The siblings find no life past the drab employee dorms. Economic servitude is their daily condition. Managerial practices treat people like interchangeable components, and the debt functions as a haunting presence that outweighs any phantom spirit.
Physi-Gore and the Tactile Hairball
The film rejects the slickness of digital horror and embraces the messy fidelity of practical effects. Central to this is a massive, textured hairball that reads as a conglomerate of discarded identities seeking a host. Director Edwin and cinematographer Akiko Ashizawa favor disorienting close-ups that intensify the sense of bodily violation. The aesthetic leans toward 80s-style shlock, a preference for tactile impact over spectral suggestion.
Workers slam heads into machinery. They gouge or tear at their own eyes in episodes described as “overtime-induced” psychosis. These hands-on sequences hold a gravity that CGI would struggle to reproduce. The hair motif links the factory’s output directly to the film’s terror; products are implied to be woven from human suffering.
The bloodied climax erupts into a frantic array of fluids and flying parts. It pays homage to the yurei spirits of Asian cinema while dressing that spectral reference in industrial grime. The handmade monster effects make the menace feel immediate and local.
Capitalist-Kitsch and the Cognitive-Slasher
Satire sits beside the screams. Corporate “well-being” becomes a pantomime: meaningless stars and stickers are handed out to top performers as if decoration could sanitize harm. Those stickers operate as a form of capitalist-kitsch, a bright, ludicrous veneer over lethal labor practices.
When the film adopts a lighter tone during scenes of mutilation, the result is what the review calls a “cognitive-slasher” effect. The tonal mismatch forces viewers to hold absurd performance alongside real brutality.
Pacing sometimes falters. The narrative lingers in shadowy detours that refuse the clarity some viewers might seek. Characters often respond to peers’ deaths with a curious indifference; this numbness functions as commentary on the desensitizing rhythms of repetitive work, though it can also read as narrative fatigue.

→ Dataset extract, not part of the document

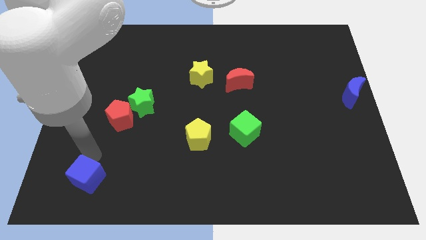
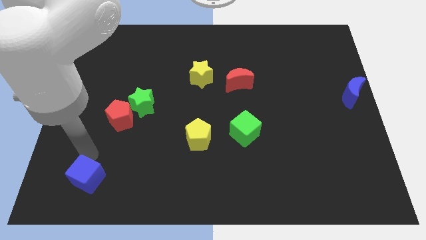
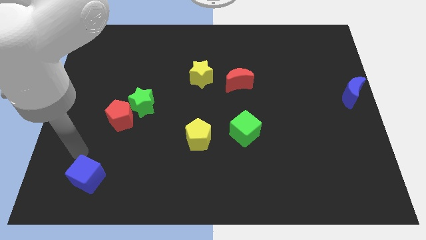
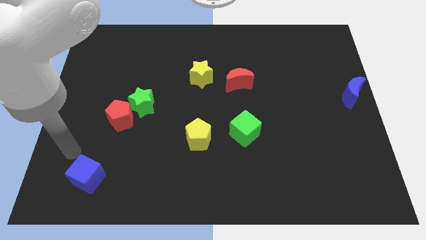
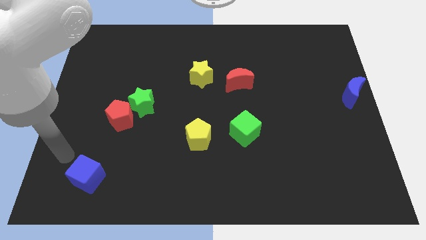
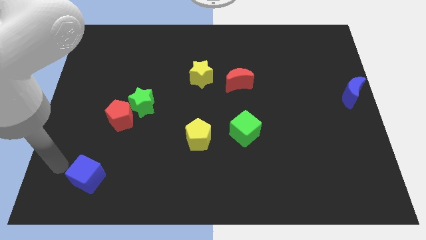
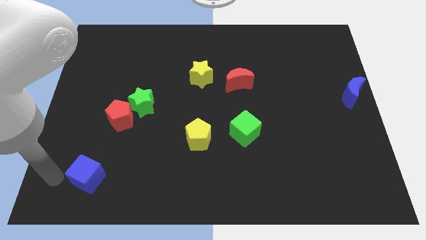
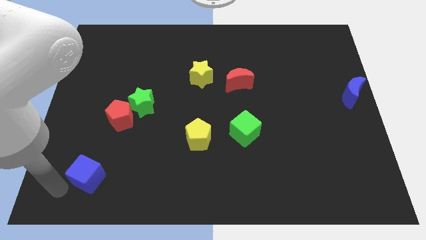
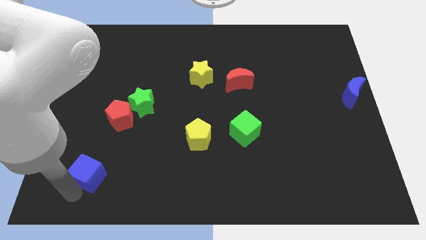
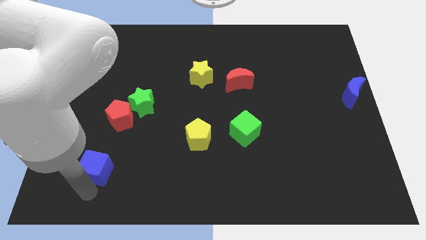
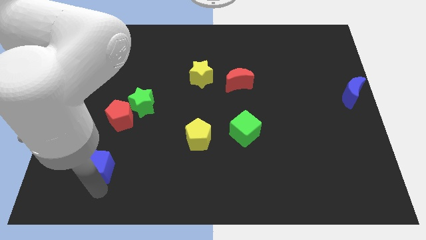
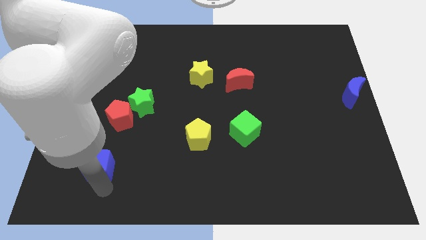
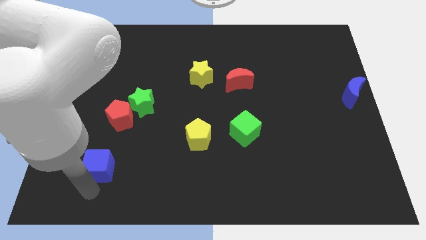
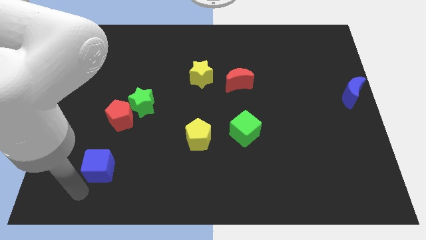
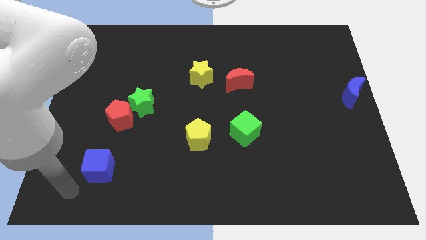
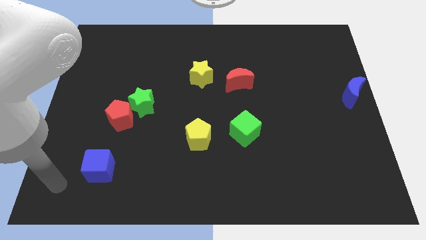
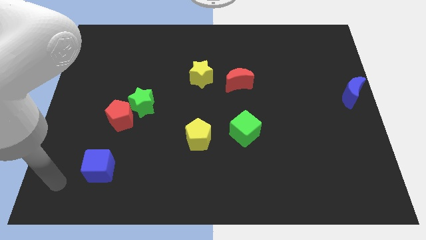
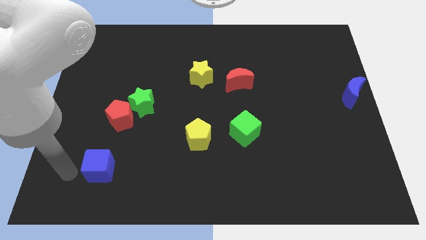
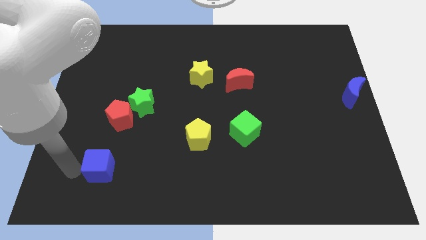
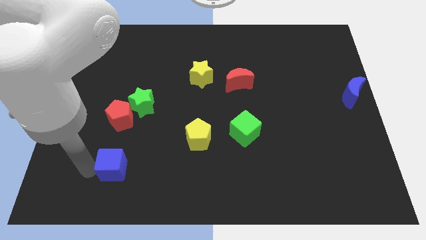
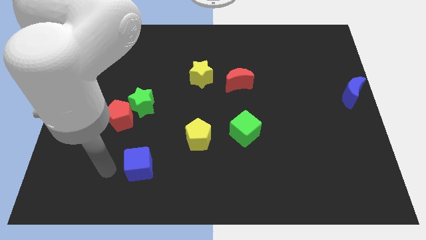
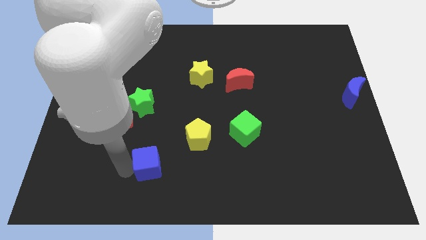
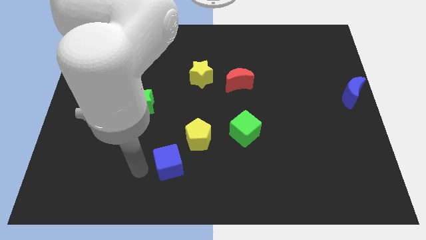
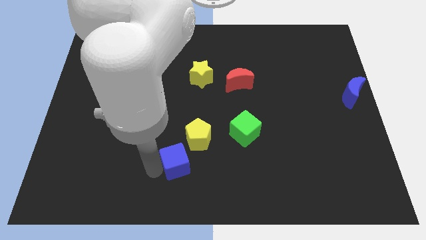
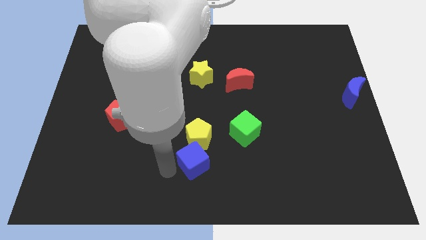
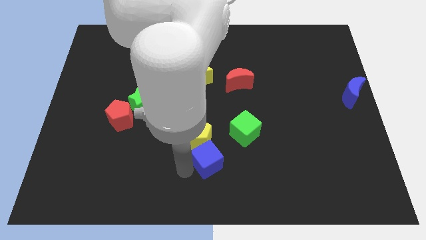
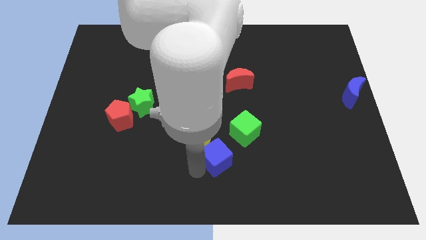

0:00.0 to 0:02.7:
place blue cube below yellow pentagon

The film presses the work-until-you-drop mentality to a demonic logic. The true antagonist, the movie argues, is the system that treats a severed hand like an insurance footnote. The final act arrives with chaotic energy and a preference for spectacle over subtlety. It remains a loud, messy critique of trading hours for an existence that barely merits the name of life.
Sleep No More is a genre-bending horror fantasy that celebrated its world premiere on February 14, 2026, as part of the Berlinale Special Midnight program. Set within the claustrophobic and decaying environment of a Jakarta wig factory, the story explores the intersection of social allegory and body horror through the lens of two sisters investigating their mother’s mysterious death. The film is a significant five-country co-production involving Indonesia, Singapore, Japan, Germany, and France, marking director Edwin’s first venture into the horror genre. While it has toured international film festivals, it is primarily available through theatrical releases in participating regions and through specialized genre film distributors.
Where to Watch Sleep No More (2026) Online
Full Credits
Title: Sleep No More (Original Title: Monster Pabrik Rambut)
Distributor: Palari Films (Indonesia), Showbox Corp. (International)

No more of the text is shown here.